Modality-Aware Integration with Large Language Models for Knowledge-based Visual Question Answering
Junnan Dong,Qinggang Zhang,Huachi Zhou,Daochen Zha,Pai Zheng,Xiao Huang
2024-02-20
Abstract:Knowledge-based visual question answering (KVQA) has been extensively studied
to answer visual questions with external knowledge, e.g., knowledge graphs
(KGs). While several attempts have been proposed to leverage large language
models (LLMs) as an implicit knowledge source, it remains challenging since
LLMs may generate hallucinations. Moreover, multiple knowledge sources, e.g.,
images, KGs and LLMs, cannot be readily aligned for complex scenarios. To
tackle these, we present a novel modality-aware integration with LLMs for KVQA
(MAIL). It carefully leverages multimodal knowledge for both image
understanding and knowledge reasoning. Specifically, (i) we propose a two-stage
prompting strategy with LLMs to densely embody the image into a scene graph
with detailed visual features; (ii) We construct a coupled concept graph by
linking the mentioned entities with external facts. (iii) A tailored
pseudo-siamese graph medium fusion is designed for sufficient multimodal
fusion. We utilize the shared mentioned entities in two graphs as mediums to
bridge a tight inter-modal exchange, while maximally preserving insightful
intra-modal learning by constraining the fusion within mediums. Extensive
experiments on two benchmark datasets show the superiority of MAIL with 24x
less resources.
Computation and Language,Information Retrieval,Computer Vision and Pattern Recognition,Machine Learning,Artificial Intelligence
What problem does this paper attempt to address?

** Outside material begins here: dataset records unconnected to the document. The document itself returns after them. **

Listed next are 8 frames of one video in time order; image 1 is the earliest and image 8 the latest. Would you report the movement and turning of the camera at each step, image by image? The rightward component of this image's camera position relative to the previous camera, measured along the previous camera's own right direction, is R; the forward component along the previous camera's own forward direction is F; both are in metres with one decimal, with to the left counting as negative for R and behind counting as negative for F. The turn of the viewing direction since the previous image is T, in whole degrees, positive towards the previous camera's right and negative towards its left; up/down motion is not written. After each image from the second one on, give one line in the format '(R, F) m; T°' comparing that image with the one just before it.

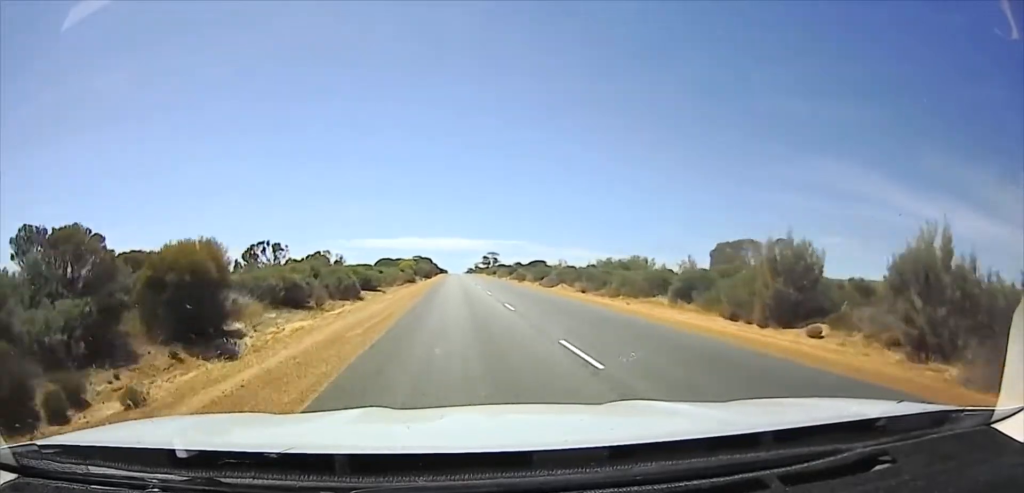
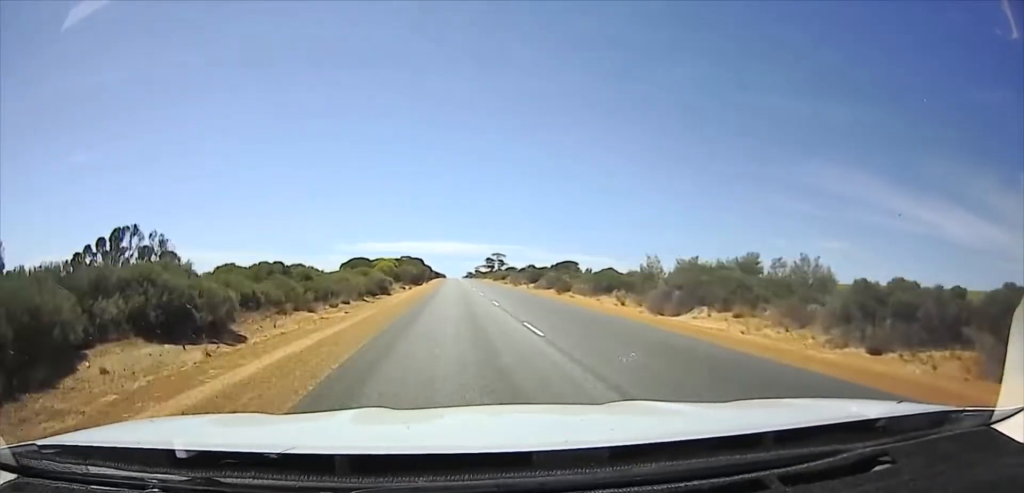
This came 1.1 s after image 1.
(0.0, +41.2) m; 0°
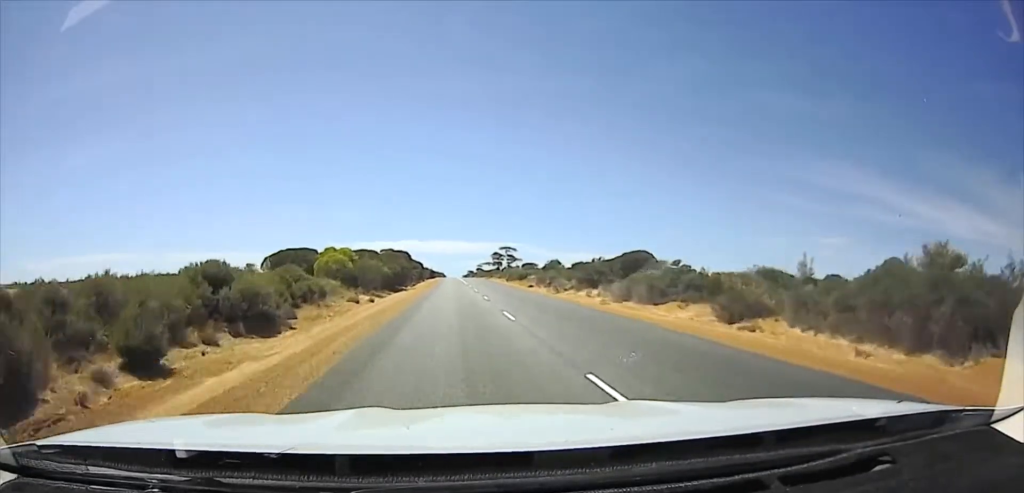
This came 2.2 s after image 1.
(0.0, +47.1) m; 0°
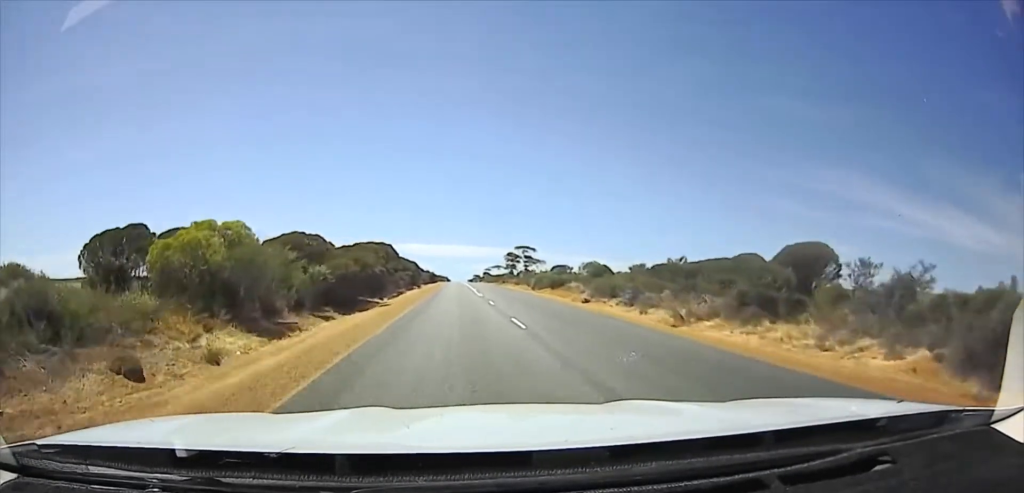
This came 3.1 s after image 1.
(0.0, +33.1) m; 0°
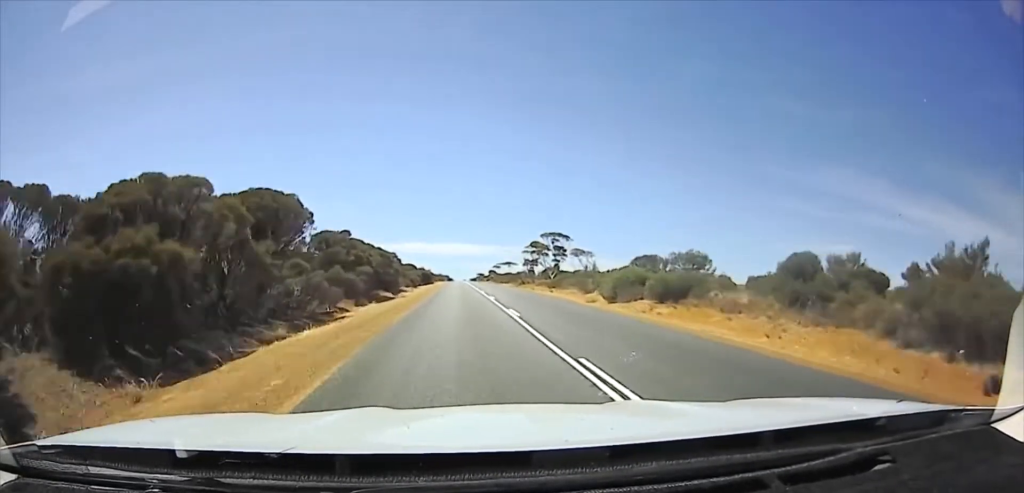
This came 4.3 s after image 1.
(0.0, +37.1) m; 0°
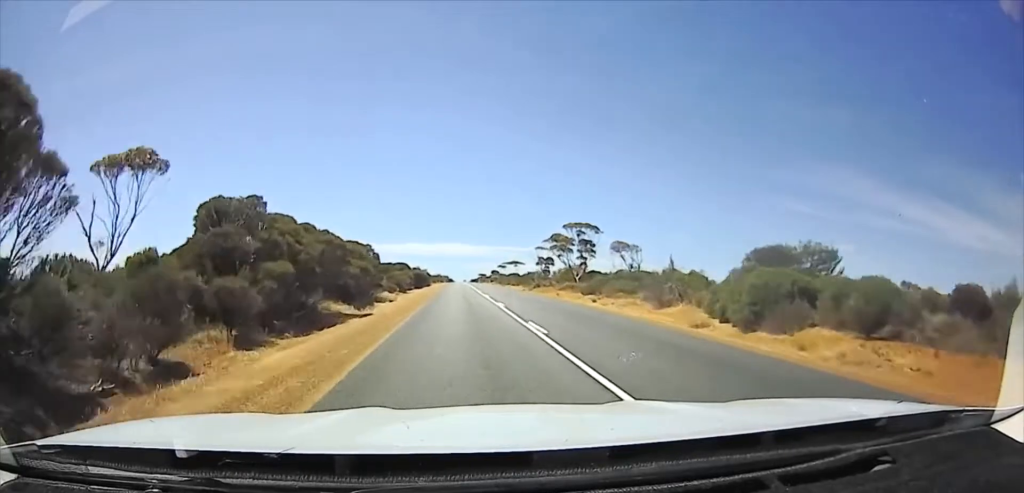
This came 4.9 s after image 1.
(0.0, +17.6) m; 0°
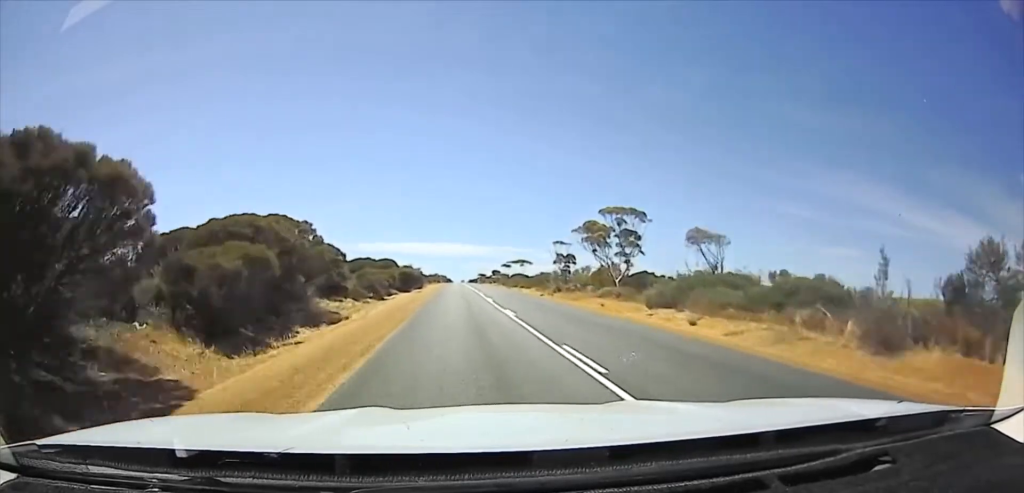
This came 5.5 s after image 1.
(0.0, +16.3) m; 0°
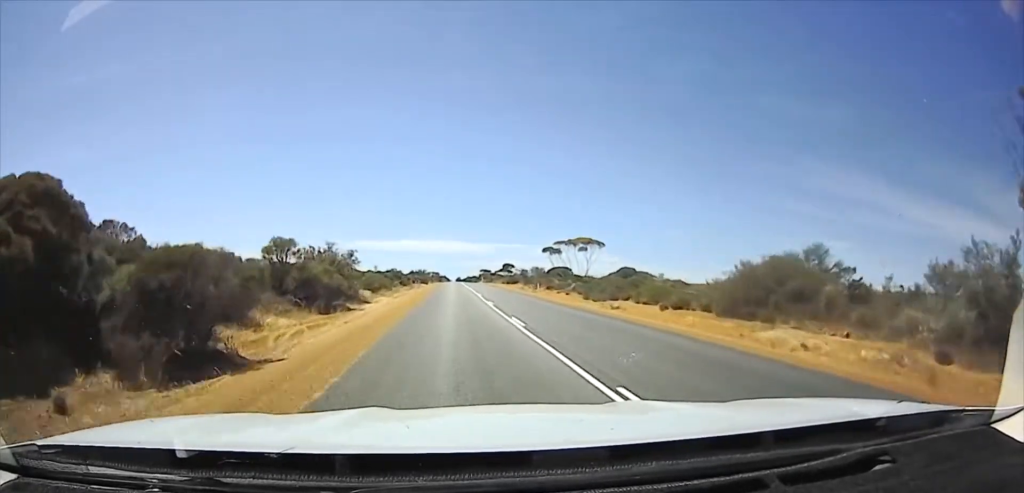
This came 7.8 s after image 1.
(0.0, +55.3) m; 0°
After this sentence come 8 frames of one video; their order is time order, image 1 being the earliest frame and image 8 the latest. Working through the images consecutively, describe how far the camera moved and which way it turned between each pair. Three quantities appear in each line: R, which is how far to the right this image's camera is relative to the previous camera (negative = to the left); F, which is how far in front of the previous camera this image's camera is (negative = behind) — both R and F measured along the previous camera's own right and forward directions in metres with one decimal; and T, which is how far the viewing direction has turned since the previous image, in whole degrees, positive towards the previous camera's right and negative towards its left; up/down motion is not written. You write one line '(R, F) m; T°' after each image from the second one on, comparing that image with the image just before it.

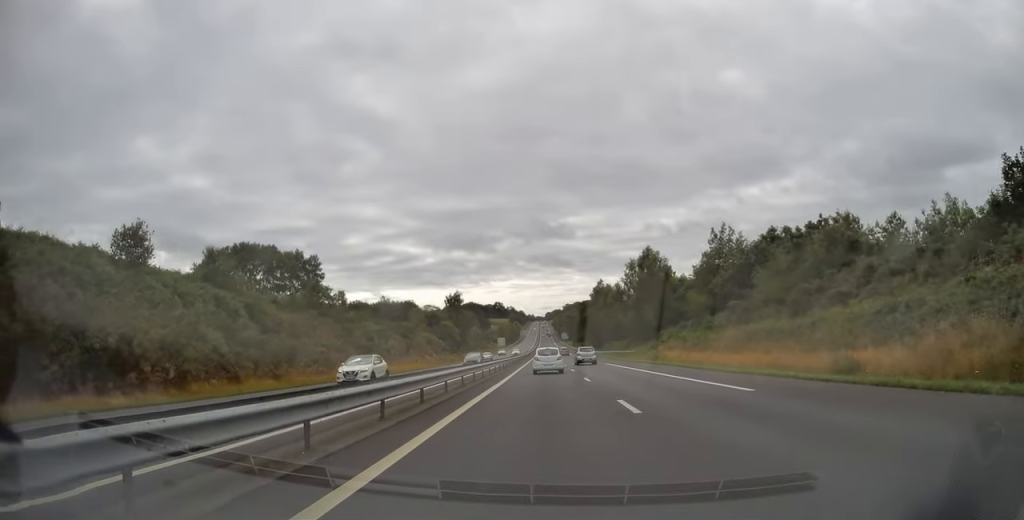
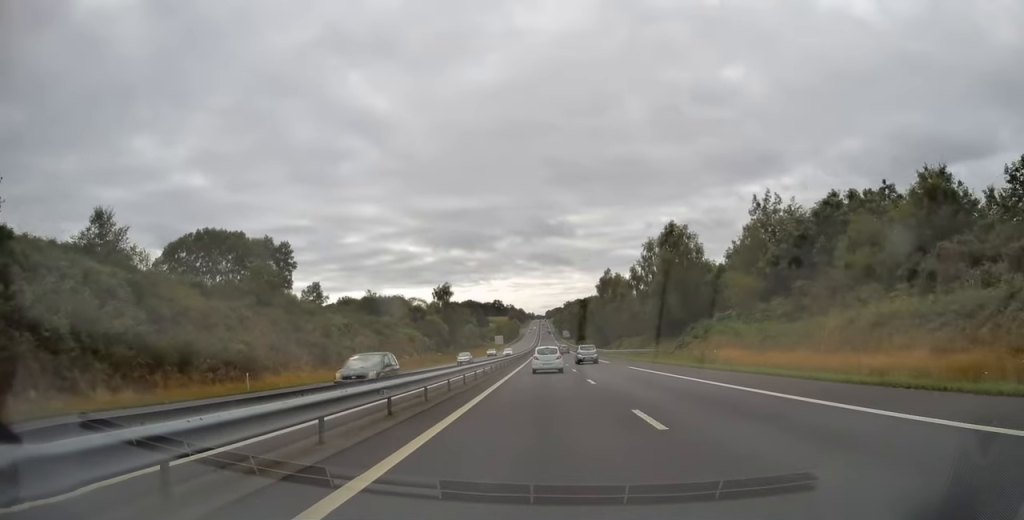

The problem that this paper attempts to solve is how to effectively utilize the knowledge of large - language models (LLMs) to enhance image understanding and question - reasoning ability in knowledge - driven visual question answering (KVQA). Specifically, existing methods face the following challenges when using LLMs:
1. **LLMs May Generate Hallucinations**: Directly asking questions to LLMs may lead to inaccurate answers or unreliable reasoning evidence, especially when dealing with complex or domain - specific questions.
2. **Difficulty in Integrating Multimodal Knowledge**: Existing methods usually simply stitch together information from different modalities (such as images, knowledge graphs, and LLMs) for reasoning. This approach lacks necessary cross - modal communication and limits the final reasoning performance.
To solve these problems, the paper proposes a new modality - aware integration framework with LLMs for KVQA (MAIL for short). This framework improves the performance of the KVQA task in the following aspects:
1. **Two - stage Prompting Strategy**: First, prompt the visual LLMs to generate a detailed scene graph containing rich visual features; then extract the entities in the scene and their relationships to form a scene graph.
2. **Coupled Concept Map Construction**: Link the entities in the scene graph with facts in an external knowledge graph (such as ConceptNet) to form a coupled concept map to support knowledge reasoning.
3. **Fusion in Pseudo - Siamese Graph**: Design a pseudo - Siamese graph medium fusion algorithm (PS - GMF). By using shared entities as a medium, it achieves sufficient multimodal fusion while maximizing the retention of internal information in each modality.
Through these methods, MAIL can more effectively utilize the knowledge of LLMs and improve the accuracy and reasoning ability of the KVQA task. Experimental results show that MAIL significantly outperforms multiple existing baseline models on two benchmark datasets and also performs well in terms of resource efficiency.